Türkiye'de iktidarı ve devleti eskiden olduğu gibi tekrar kontrol etmek isteyenler, Batıdaki İslamofobi korkusunu harekete geçirmek için Siyasal İslam faşizminin ülkeyi otoriteryanizme ve diktatörlüğe götürdüğü söylemini içte ve dışta tekrar etmektedirler. Aslında Ak Parti iş başına geldiği andan itibaren Ak Partinin İslamofaşist bir darbeyi adım adım gerçekleştirmenin peşinde olduğu hep söylenmektedir. Saray diktası ve darbesi söylemleri, emperyalist faşizmin kurgusu olan İslamofaşizmin günümüzdeki propagandasından başka bir şey değildir. İslamofaşist veya siyasal İslamcı faşist darbesi korkuları pompalanarak asıl yapılmak istenen, topluma ve hükümete darbe yapmaktır. Ortada siyasal İslamcı darbe girişimi yoktur, ama İslamofaşizme karşı olma adı altında emperyalist faşist darbe mekaniği işletilmektedir. İslamofaşizm, İslam ve Müslüman toplumlara kurulan bir kumpastır.

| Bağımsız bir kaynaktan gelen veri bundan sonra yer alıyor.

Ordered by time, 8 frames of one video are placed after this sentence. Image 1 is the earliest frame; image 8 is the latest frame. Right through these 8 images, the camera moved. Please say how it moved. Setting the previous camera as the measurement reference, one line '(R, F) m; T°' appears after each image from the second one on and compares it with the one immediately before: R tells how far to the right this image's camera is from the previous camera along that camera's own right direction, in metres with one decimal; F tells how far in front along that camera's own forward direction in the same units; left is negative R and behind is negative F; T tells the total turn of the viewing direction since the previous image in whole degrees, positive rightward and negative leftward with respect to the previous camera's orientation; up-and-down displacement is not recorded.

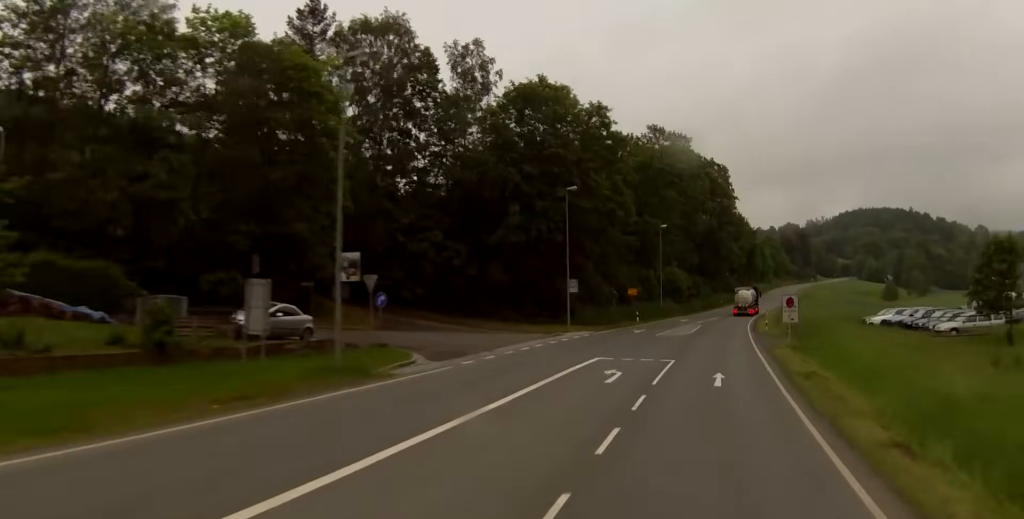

Emperyalist faşistler, dünyada İslamofaşizm kurgusunu propaganda ederek İslamofobinin yoğun bir şekilde yaygınlaştırılmasına çalışmaktadırlar. İslamofaşizm, İslamofobi şeklindeki İslam ve Müslüman düşmanlığının ideolojisidir. İslamofaşizm ve İslamofobi birbirinden ayrılmayan kurgulardır. Emperyalist faşistler İslamofobi diye bir şeyin olmadığını, Türkiye ve Mısır gibi ülkelerde asıl tehlikenin İslamofaşizm olduğu propagandasını ısrarla yapmaktadırlar.
İslamofaşizm denilen emperyalist kurgunun asli hedefi, İslam'ı insanlık için ahlak, manevi, sosyal ve zihinsel açılardan fıtri yol olmaktan çıkarmaktır. Emperyalizm, İslam'ı bir şiddet, radikalizm ve faşizme indirgemenin yollarını aramaktadır. İslam, faşizmi, radikalizmi ve şiddeti reddeden fıtrat dinidir. Her şeyden önemlisi İslam, emperyalizmi reddeden bir dindir. Emperyalizmin, İslam'ı faşizmle tanımlama ve bir araya getirme imtiyazı ve hakkı yoktur. Dünyada İslamofaşizm şeklinde gerçek bir tehlike ve tehdit yoktur. Dünya ve insanlık, emperyalist faşizm tehlikesini ve tehdidini yakıcı bir şekilde yaşamaktadır. Suriye ve Irak, emperyalist faşizmin neden olduğu büyük insani facialardır.
İslamofaşizm ve siyasal İslam faşizmi darbeciliği şeklindeki kurgular, özgürlük ve hukukun arkasına saklanarak gerçek yüzlerini saklamaktadırlar. Emperyalist faşizmin, İslam ülkelerinde hiç istemediği şey demokrasi, hukuk, refah ve özgürlüğün gerçekleşmesidir. Emperyalist faşizm, Müslüman toplumları, İslam ile karşı karşıya getirerek onların savaş ve şiddet içinde yok olmalarını istemektedir. İslamofaşizm, İslam'a ve Müslümanlara karşı kurulan kirli, karanlık ve kanlı bir komplodur. Müslümanların, İslamofaşizmin ürettiği mitlere itibar etmeyerek, emperyalist faşizmin kuşatmasından kurtulmak için yeni bir bilinç yenilenmesine ihtiyaçları vardır.